In Architektur wie Kunst sind die Zusammenhänge von Licht und Farbe ein mehr oder weniger bekanntes Phänomen. Studien zur Wirkung von Farbe und Licht auf Mensch und Umwelt liegen vor und verdeutlichen auch die Auswirkungen auf unsere Sinneswahrnehmung.  Der Besucher dieser nächtlichen Veranstaltungen wird vielleicht selber feststellen können, dass die projizierte Farbe am 70m hohen Turm seine akustische Wahrnehmung beeinflusst, sobald er sich in der Nähe der Windkraftanlage befindet. Von Ferne bleibt die dynamische Lichtchoreografie ein sichtbares Erlebnis. Das erbetene Feedback der Besucher wird erfasst und ausgewertet. Es entsteht zudem eine Studie über die Sehempfindlichkeiten von Tieren, die diesen Windpark passieren. Diese künstlerische Intervention möchte darüber hinaus dazu führen, oder zumindest dazu anregen, die Windanlagen-Architektur mit einem konkreten Farb- und Lichtkonzept zu planen und zu bauen – und damit eine breitere Akzeptanz durch Veränderung der baulichen Ästhetik zu erreichen.

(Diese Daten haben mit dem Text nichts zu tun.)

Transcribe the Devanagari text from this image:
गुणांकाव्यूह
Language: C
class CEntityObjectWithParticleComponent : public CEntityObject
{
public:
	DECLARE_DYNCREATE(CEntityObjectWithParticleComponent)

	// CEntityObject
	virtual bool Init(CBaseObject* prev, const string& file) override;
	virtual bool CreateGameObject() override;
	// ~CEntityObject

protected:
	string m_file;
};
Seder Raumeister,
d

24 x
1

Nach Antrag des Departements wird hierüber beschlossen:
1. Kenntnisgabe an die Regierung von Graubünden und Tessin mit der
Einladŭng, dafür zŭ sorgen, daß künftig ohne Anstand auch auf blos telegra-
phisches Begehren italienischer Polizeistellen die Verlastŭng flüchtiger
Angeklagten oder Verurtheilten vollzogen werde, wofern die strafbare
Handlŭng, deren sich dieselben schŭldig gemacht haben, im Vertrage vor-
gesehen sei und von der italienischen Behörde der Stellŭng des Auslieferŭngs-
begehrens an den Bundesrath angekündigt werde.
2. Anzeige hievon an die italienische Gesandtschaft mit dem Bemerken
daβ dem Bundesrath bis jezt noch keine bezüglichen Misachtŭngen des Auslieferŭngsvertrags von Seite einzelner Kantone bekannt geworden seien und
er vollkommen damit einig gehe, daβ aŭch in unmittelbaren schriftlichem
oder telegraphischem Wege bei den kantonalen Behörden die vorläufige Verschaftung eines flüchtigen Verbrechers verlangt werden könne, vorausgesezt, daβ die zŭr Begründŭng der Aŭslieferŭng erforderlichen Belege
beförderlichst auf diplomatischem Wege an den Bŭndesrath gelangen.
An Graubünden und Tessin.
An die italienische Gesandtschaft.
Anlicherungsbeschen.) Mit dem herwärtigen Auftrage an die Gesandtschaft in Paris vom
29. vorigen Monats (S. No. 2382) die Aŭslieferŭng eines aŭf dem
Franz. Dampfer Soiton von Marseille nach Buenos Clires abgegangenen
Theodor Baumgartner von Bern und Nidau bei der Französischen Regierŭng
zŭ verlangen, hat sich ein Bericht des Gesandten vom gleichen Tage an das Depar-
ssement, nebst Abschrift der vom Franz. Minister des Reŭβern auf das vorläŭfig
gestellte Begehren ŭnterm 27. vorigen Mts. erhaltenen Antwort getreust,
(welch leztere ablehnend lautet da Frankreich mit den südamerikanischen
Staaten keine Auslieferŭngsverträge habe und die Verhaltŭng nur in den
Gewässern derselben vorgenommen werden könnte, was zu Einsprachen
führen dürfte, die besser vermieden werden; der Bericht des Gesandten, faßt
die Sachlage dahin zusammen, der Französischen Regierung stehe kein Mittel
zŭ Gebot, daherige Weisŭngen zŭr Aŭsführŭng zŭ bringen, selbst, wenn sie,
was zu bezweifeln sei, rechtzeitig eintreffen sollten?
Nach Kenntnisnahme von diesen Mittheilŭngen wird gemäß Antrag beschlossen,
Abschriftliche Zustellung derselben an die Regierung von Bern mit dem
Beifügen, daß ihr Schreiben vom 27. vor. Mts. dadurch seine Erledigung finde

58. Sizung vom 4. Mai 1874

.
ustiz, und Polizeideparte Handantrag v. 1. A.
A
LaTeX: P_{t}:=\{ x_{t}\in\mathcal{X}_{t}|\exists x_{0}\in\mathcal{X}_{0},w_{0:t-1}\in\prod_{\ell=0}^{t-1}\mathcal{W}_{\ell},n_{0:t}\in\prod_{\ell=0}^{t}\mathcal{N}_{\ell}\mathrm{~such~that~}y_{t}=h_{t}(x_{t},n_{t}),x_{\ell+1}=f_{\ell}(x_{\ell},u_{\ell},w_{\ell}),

Das Windpark Uetersen-Projekt wird anschließend von Gisela Meyer-Hahn in Husum vom 21. bis 23. September fortgeführt. Es ist Teil des dortigen Kultur21 Festivals.

Fest steht jedoch schon heute, das Windpark im Licht viele Institutionen für eine Zusammenarbeit im Öffentlichen Raum miteinander verbinden konnte. Das Projekt steht für Made in Schleswig-Holstein und repräsentiert die technischen, energetischen sowie künstlerischen Innovationen dieses nördlichsten Bundeslandes. Als Schirmherr steht daher auch der Ministerpräsident Torsten Albig zur Seite.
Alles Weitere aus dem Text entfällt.